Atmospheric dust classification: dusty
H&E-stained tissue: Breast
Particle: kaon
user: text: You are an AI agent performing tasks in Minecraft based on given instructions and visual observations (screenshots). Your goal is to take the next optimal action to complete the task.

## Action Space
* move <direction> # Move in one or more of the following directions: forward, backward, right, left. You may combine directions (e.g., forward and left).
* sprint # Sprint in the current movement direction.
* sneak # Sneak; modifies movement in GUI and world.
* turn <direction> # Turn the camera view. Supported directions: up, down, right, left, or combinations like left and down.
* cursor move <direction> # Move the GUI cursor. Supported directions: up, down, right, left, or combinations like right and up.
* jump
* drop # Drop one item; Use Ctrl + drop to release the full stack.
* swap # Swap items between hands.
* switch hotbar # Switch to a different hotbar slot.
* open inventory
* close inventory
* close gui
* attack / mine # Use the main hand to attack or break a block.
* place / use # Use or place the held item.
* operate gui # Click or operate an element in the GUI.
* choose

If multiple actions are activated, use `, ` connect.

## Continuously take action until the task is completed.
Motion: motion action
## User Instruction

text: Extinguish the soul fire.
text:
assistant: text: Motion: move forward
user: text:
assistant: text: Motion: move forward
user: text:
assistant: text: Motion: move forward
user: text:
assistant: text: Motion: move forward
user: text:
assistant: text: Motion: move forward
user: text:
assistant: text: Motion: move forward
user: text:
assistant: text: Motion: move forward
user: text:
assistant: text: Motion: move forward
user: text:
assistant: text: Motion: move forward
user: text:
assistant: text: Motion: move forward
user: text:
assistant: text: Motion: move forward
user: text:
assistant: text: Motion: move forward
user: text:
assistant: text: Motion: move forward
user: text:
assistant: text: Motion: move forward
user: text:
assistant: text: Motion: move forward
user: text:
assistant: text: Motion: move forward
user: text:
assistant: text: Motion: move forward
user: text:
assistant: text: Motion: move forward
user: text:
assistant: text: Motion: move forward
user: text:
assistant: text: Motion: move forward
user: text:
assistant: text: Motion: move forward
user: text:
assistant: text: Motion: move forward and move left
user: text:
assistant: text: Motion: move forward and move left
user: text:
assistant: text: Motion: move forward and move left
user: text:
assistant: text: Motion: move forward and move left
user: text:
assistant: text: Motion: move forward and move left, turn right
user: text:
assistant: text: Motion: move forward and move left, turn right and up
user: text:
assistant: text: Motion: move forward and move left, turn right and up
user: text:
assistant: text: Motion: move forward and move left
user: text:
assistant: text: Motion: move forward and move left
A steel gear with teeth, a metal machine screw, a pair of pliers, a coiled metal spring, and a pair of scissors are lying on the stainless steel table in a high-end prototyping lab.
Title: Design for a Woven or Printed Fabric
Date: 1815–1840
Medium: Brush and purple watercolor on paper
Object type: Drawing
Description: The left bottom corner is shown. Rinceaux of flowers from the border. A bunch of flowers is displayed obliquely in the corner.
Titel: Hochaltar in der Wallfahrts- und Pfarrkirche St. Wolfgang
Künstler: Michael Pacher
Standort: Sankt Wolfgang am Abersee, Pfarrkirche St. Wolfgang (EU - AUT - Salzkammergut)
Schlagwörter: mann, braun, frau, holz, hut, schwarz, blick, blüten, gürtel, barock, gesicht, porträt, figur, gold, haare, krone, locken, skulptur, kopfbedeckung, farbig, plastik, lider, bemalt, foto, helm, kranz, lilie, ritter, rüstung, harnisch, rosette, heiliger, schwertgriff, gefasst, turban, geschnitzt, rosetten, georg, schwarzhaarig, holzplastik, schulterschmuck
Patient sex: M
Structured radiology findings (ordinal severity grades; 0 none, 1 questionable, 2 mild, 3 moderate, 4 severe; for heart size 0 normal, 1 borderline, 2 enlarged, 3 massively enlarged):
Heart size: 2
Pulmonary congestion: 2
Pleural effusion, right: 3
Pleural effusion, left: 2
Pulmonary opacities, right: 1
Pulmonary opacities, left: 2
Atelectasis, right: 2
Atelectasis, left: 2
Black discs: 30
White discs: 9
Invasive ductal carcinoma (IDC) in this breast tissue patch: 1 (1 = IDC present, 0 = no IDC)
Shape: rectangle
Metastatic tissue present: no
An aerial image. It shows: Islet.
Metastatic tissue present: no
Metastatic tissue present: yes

- - -

What you will do:
Starting at the line that contains "H&E-stained tissue: Breast" and stopping after the line that contains "forward and left).", write out every line exactly as it appears above, and no other line.

Response for this exercise:
H&E-stained tissue: Breast
Particle: kaon
user: text: You are an AI agent performing tasks in Minecraft based on given instructions and visual observations (screenshots). Your goal is to take the next optimal action to complete the task.

## Action Space
* move <direction> # Move in one or more of the following directions: forward, backward, right, left. You may combine directions (e.g., forward and left).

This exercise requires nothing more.